Page 8 of Downfall

“Bella.” Mae, one of the maids calls, rushing after her and then she stops a look of relief when she sees it’s me and not my husband. “I’m sorry. I was watching her but she got out…”

“It’s okay Mae.” I say scooping her up into my arms. She’s a shit-zuh pug cross with a snorty little nose and big bug eyes. She resembles more of an ewok than a dog. I rescued her from a pound where she’d been overlooked by everyone because she’s allergic to absolutely everything and clearly people wanted a less costly pet.

Most of the women around me have dogs. Designer dogs that fit in their handbags and need to be groomed daily. But, while Bella would certainly fit in my Louis Vuitton, she’d probably bite me if I tried to put her in it and I wouldn’t blame her either.

Besides, she gives me a great excuse to be out of the house at any given moment. To be in the park too. Because no one bats an eye at a person walking their dog. But a woman, sat alone, for hours on end? That would certainly garner unwanted attention.

I pass her back to the maid. Though my husband doesn’t know it most of her duties now revolve around my dog, ensuring she is never left alone because she has separation anxiety and sadly being who I am means I have to be seen out at every big event, I have to be photographed, and having her with me is not always an option.

“I’ll be back later.” I say.

I need to be out of the house. I need to be doing something because this place is giving me cabin fever again.

* * *

I hit the gym hard.Focusing all the tension that seems to have wound itself tight inside me and, as my feet pound onto the treadmill, I visualise it ebbing away.

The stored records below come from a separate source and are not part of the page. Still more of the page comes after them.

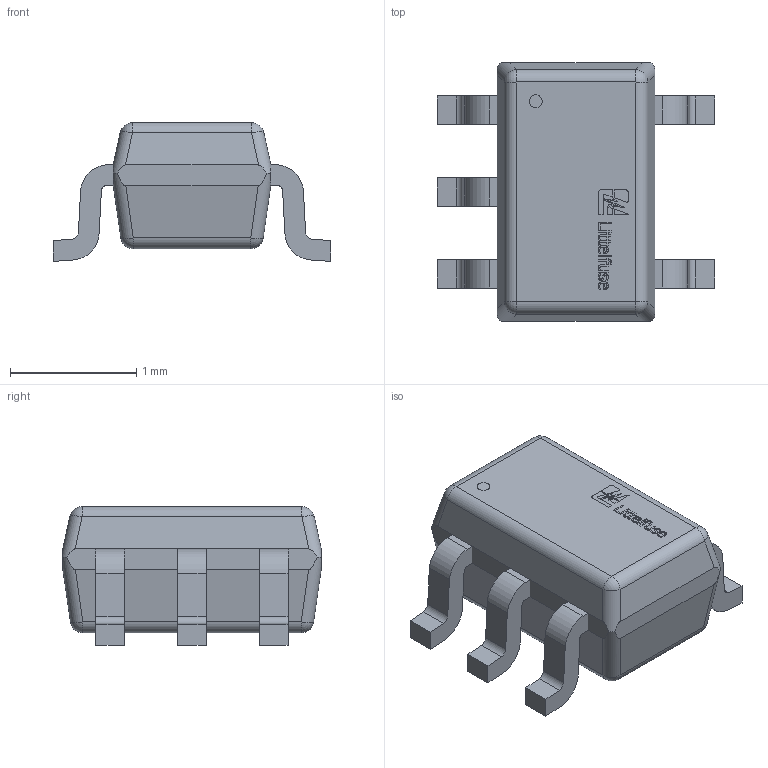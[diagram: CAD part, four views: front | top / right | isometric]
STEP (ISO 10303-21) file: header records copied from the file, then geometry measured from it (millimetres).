
FILE_DESCRIPTION(/* description */ (''),/* implementation_level */ '2;1');
FILE_NAME(/* name */ '1.stp',/* time_stamp */ '2019-10-14T21:34:58+02:00',/* author */ ('k'),/* organization */ (''),/* preprocessor_version */ 'ST-DEVELOPER v15.6',/* originating_system */ 'Autodesk Inventor 2015',/* authorisation */ '');
FILE_SCHEMA (('AUTOMOTIVE_DESIGN { 1 0 10303 214 3 1 1 }'));
Length unit declared in the file: millimetre
Products named in the file (4): BODY-SOT; LEAD-SOT; Littelfuse Adjastable; SC70 6
Bounding box: 2.2 x 2.05 x 1.1 mm (x, y, z)
Volume: 2.6 mm3; surface area: 15.1 mm2
Topology: 21 solids, 21 shells, 327 faces, 831 edges, 546 vertices
Faces by surface type: plane 205, bspline 63, cylinder 51, sphere 8
Full cylindrical faces by diameter (mm): 0.102 x1
Entity records: 8544 total; most frequent: CARTESIAN_POINT 2237, ORIENTED_EDGE 1372, DIRECTION 1080, EDGE_CURVE 686, LINE 478, VECTOR 478, VERTEX_POINT 450, AXIS2_PLACEMENT_3D 301

Only it doesn’t. No matter how many miles I run, no matter how many weights I lift, even when my legs protest too much, nothing eases what seems to growing inside me.

The gym is attached to the clubhouse. Anyone who is anyone has membership here though it’s more common to see them in the spa than it is seeing them sweat it out like I do on an almost daily basis. I’m not even a health freak. I just come here because there’s little else in my life to do. I’m not allowed to work. And I can hardly sit around eating cake all day because Paris would very quickly take advantage of that. He can’t have a fat wife. Image is everything to him.

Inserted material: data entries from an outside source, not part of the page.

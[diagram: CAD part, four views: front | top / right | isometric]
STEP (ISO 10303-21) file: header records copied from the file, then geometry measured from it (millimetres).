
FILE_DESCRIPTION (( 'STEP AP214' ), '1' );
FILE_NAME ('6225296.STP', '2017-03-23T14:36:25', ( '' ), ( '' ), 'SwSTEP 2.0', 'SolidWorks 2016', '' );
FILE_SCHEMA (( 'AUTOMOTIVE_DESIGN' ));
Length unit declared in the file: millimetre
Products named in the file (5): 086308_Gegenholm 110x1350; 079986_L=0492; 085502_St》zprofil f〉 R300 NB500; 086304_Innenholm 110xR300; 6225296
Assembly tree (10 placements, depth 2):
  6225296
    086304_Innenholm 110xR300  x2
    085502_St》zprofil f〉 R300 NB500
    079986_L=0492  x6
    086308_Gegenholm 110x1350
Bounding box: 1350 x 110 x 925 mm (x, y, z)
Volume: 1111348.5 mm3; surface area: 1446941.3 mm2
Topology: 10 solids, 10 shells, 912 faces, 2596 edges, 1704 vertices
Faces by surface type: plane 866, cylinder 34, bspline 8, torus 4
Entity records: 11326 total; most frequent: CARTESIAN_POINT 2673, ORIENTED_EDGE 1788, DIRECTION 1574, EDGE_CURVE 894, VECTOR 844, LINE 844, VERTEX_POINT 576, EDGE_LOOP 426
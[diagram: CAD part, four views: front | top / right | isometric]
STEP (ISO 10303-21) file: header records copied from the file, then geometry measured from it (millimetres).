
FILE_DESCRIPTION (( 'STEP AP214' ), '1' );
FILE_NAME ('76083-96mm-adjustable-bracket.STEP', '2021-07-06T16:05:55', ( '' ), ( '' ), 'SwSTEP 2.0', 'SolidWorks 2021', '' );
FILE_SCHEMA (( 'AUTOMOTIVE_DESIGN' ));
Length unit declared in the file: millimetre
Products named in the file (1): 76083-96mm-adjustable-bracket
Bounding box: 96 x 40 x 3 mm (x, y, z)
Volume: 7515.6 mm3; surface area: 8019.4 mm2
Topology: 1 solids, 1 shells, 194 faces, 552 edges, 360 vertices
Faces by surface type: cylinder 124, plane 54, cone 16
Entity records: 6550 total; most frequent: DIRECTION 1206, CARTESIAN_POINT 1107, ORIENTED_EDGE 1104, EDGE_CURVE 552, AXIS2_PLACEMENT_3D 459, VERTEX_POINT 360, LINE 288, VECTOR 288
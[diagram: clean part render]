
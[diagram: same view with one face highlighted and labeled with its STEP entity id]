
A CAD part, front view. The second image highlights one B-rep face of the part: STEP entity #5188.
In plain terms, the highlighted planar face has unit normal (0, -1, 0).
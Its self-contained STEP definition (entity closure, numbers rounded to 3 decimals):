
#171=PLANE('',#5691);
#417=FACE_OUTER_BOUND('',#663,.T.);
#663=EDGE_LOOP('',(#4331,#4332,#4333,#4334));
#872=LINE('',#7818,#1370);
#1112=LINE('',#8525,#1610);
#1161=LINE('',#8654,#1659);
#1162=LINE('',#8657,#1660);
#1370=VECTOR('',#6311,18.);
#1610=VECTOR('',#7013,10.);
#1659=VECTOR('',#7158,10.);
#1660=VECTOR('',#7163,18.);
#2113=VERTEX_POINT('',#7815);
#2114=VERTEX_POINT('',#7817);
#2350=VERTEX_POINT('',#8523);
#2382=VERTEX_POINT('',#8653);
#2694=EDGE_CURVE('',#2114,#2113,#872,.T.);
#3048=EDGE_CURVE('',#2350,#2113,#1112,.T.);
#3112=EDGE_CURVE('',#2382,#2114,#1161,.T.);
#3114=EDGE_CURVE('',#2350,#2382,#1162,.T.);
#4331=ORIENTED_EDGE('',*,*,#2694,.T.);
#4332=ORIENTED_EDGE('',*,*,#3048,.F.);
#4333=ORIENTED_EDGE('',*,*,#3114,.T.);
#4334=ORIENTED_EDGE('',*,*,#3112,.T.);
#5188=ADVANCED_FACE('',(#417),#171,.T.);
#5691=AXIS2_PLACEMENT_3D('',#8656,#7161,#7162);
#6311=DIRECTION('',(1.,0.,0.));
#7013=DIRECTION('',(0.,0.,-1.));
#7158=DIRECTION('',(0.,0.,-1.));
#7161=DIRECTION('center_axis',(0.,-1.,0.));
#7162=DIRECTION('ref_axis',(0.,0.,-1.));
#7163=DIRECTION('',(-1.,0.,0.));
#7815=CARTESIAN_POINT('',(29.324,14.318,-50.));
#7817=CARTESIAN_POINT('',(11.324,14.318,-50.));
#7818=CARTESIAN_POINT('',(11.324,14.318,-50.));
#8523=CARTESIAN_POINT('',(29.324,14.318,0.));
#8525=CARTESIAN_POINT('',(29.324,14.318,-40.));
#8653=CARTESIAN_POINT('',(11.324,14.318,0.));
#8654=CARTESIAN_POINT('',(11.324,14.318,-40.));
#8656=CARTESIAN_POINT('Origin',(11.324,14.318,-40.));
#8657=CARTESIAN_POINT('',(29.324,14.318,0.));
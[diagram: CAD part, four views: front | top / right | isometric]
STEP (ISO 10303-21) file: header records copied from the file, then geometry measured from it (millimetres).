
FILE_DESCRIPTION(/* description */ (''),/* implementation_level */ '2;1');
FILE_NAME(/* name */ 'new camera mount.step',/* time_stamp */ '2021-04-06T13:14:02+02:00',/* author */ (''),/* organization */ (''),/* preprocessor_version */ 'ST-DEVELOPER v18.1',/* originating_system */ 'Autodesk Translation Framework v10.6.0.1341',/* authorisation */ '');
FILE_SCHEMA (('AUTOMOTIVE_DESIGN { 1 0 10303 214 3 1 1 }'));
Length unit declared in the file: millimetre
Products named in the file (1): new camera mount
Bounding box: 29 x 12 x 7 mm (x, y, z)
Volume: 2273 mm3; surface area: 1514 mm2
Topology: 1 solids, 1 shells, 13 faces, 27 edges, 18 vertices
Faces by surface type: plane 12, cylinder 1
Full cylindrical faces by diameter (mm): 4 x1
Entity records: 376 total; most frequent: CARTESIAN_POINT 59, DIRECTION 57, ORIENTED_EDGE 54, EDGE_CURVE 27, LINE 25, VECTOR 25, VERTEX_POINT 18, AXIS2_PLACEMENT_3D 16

After we married he put me on a diet. Though he’d never understood the reasons behind my weight gain he was quick to ensure my body was honed into something of goddess proportions. He even makes me stand on the scales for him. Bi-weekly. If he could, he’d control all my eating too, but luckily even he understands how the gossip rags would view that if it got out.

And it would.

Somehow they seem more than adept at delving out the grimiest parts of our lives, though mercifully none of them have yet to realise my darkest secrets. The one that keeps me up at night. The one that forces me out. The one that even now simmers inside, never quite releasing its grip enough to let me get free.

Two hours later and I’m done with my workout. The gym was quieter than usual. I guess most people didn’t want to be seen here, today of all days. Most of them were probably at the funeral. At the wake. Eating the fine spread the Montague’s put on and offering their sympathies like they give a shit.

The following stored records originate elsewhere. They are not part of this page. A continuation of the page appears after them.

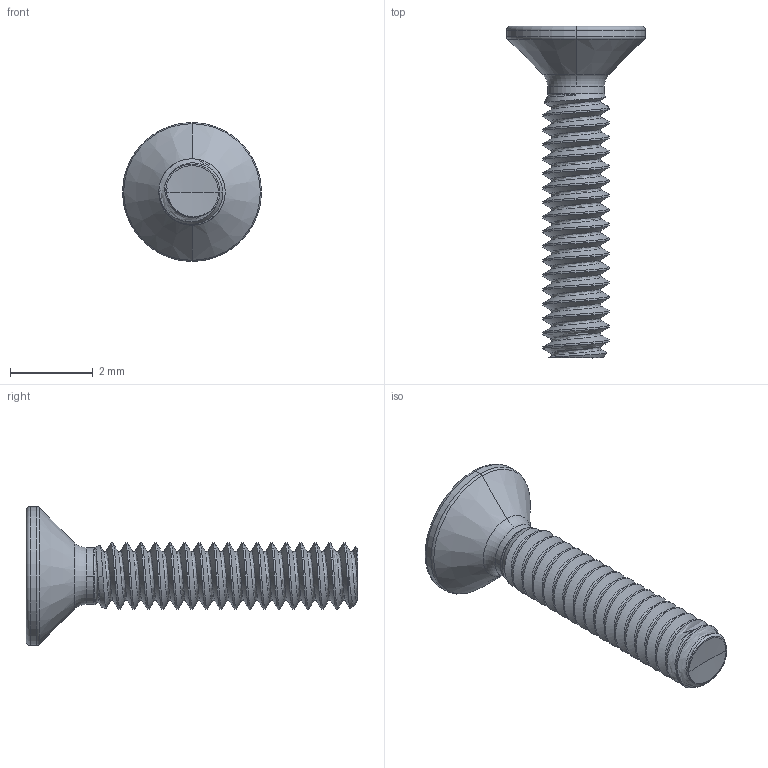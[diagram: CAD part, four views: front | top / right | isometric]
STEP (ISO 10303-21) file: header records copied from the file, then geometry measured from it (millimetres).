
FILE_DESCRIPTION (( 'STEP AP203' ), '1' );
FILE_NAME ('STM410160080.STEP', '2020-12-18T16:44:28', ( '' ), ( '' ), 'SwSTEP 2.0', 'SolidWorks 2015', '' );
FILE_SCHEMA (( 'CONFIG_CONTROL_DESIGN' ));
Length unit declared in the file: millimetre
Products named in the file (2): STM410160080
Bounding box: 3.35 x 8 x 3.35 mm (x, y, z)
Volume: 16.3 mm3; surface area: 73.7 mm2
Topology: 1 solids, 1 shells, 104 faces, 275 edges, 172 vertices
Faces by surface type: cylinder 58, bspline 18, cone 13, torus 11, sphere 2, plane 2
Entity records: 16742 total; most frequent: CARTESIAN_POINT 14414, ORIENTED_EDGE 546, DIRECTION 361, EDGE_CURVE 273, VERTEX_POINT 172, AXIS2_PLACEMENT_3D 146, EDGE_LOOP 105, FACE_OUTER_BOUND 104

I grab a shower, rinsing off the sweat that pools across my skin and then carefully I replace my makeup. I’m more an advocate of the French way of beauty, with less is more, but thanks to Paris’s hands I often have to wear heavier foundation. It’s safer to opt for more coverage, even when I don’t need it, than raise suspicions.

When I’ve finished drying my hair I grab my bag and wonder if I have time for a ‘walk’ before dinner. Will she be there? I think the days she is are worse than when she’s absent because seeing her, knowing I can’t talk to her, interact with her in any way is like a dagger that delves deeper and deeper into my heart.

Someone barges into me as I open the door and I step back.

“Sorry.” I say and then my eyes widen as I realise who it is.

Sofia.

Her eyebrows raise and then quickly the mask comes down. “It’s my fault.” She says. “I was distracted.”

“You have good reason to be.” I reply.

She frowns for a second and then steps aside. We’ve barely spoken. Barely ever exchanged more than a word here and there. We both know who the other is though I wonder how much she knows about me. About my past. About her brother too.

As she walks past I weigh up the consequences of what I’m about to do and for once throw caution to the wind.

“I’m sorry for your loss.” I say.

She stops. Turns. Meets my gaze. Clearly she’s trying to figure out if I’m being genuine or just trying to twist the blade like any other Capulet would.

“Thank you.” She says after a moment.

“He was a good father.” I say.

She tilts her head. “Was he?” She replies. “With whom are you comparing him to?”

“With my own.” I say.

She frowns more and the air around us thickens to the point you could actually put your hand out and grasp it.